[Start of section]

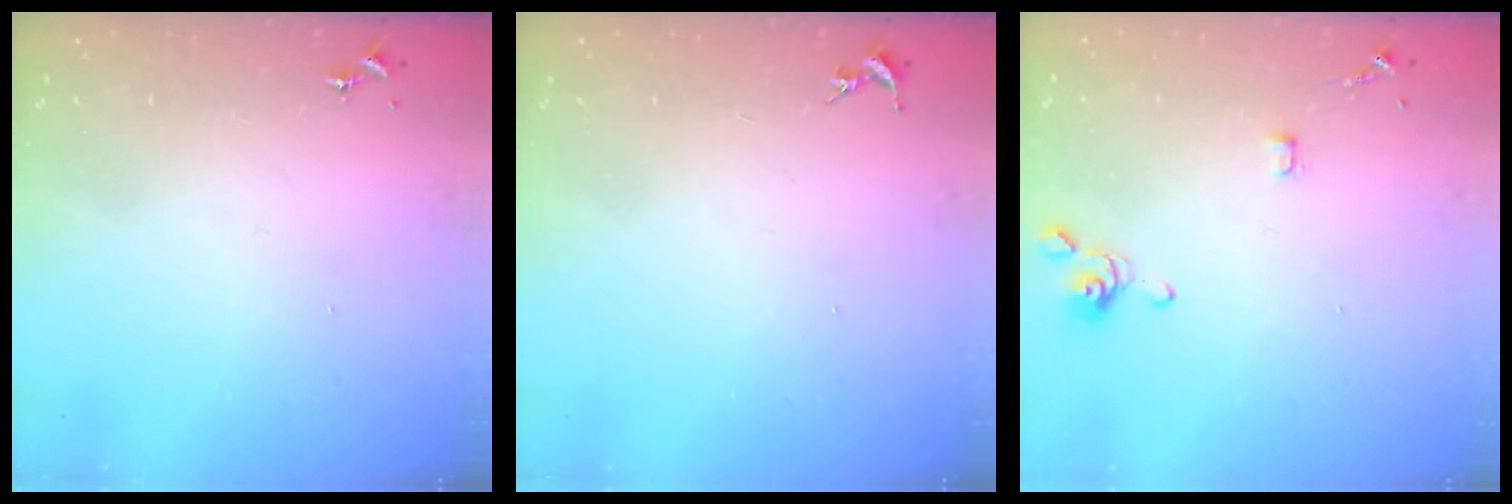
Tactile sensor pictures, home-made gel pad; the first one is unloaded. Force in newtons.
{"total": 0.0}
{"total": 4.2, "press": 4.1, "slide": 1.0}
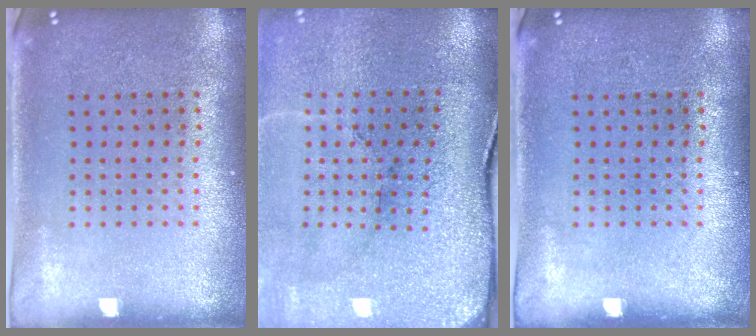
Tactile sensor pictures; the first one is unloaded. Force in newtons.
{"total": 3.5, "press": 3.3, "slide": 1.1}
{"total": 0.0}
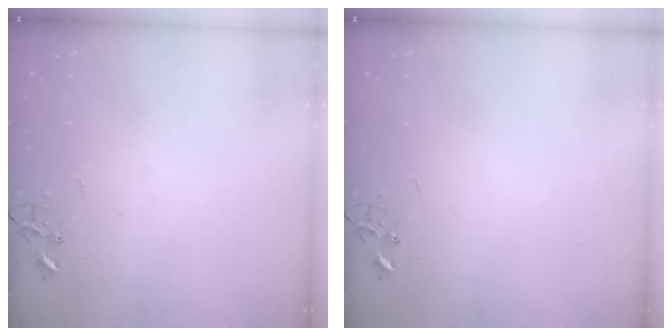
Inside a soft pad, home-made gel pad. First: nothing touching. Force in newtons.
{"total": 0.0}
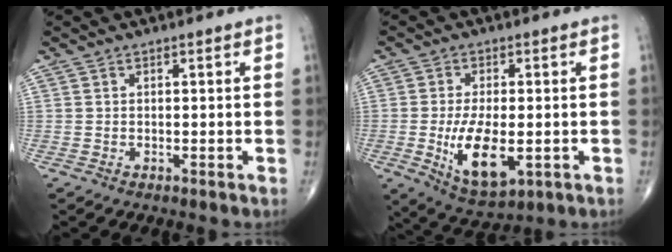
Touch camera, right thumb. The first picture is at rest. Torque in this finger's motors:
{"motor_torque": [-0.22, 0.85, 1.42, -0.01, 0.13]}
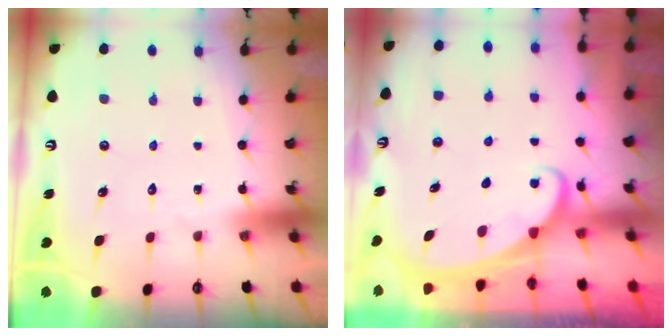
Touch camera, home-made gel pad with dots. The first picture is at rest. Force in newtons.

[End of section]

** Aim of the task **
Print every entry exactly. Pictures are not part of the copy.

** Solved problem **
Tactile sensor pictures, home-made gel pad; the first one is unloaded. Force in newtons.
{"total": 0.0}
{"total": 4.2, "press": 4.1, "slide": 1.0}
Tactile sensor pictures; the first one is unloaded. Force in newtons.
{"total": 3.5, "press": 3.3, "slide": 1.1}
{"total": 0.0}
Inside a soft pad, home-made gel pad. First: nothing touching. Force in newtons.
{"total": 0.0}
Touch camera, right thumb. The first picture is at rest. Torque in this finger's motors:
{"motor_torque": [-0.22, 0.85, 1.42, -0.01, 0.13]}
Touch camera, home-made gel pad with dots. The first picture is at rest. Force in newtons.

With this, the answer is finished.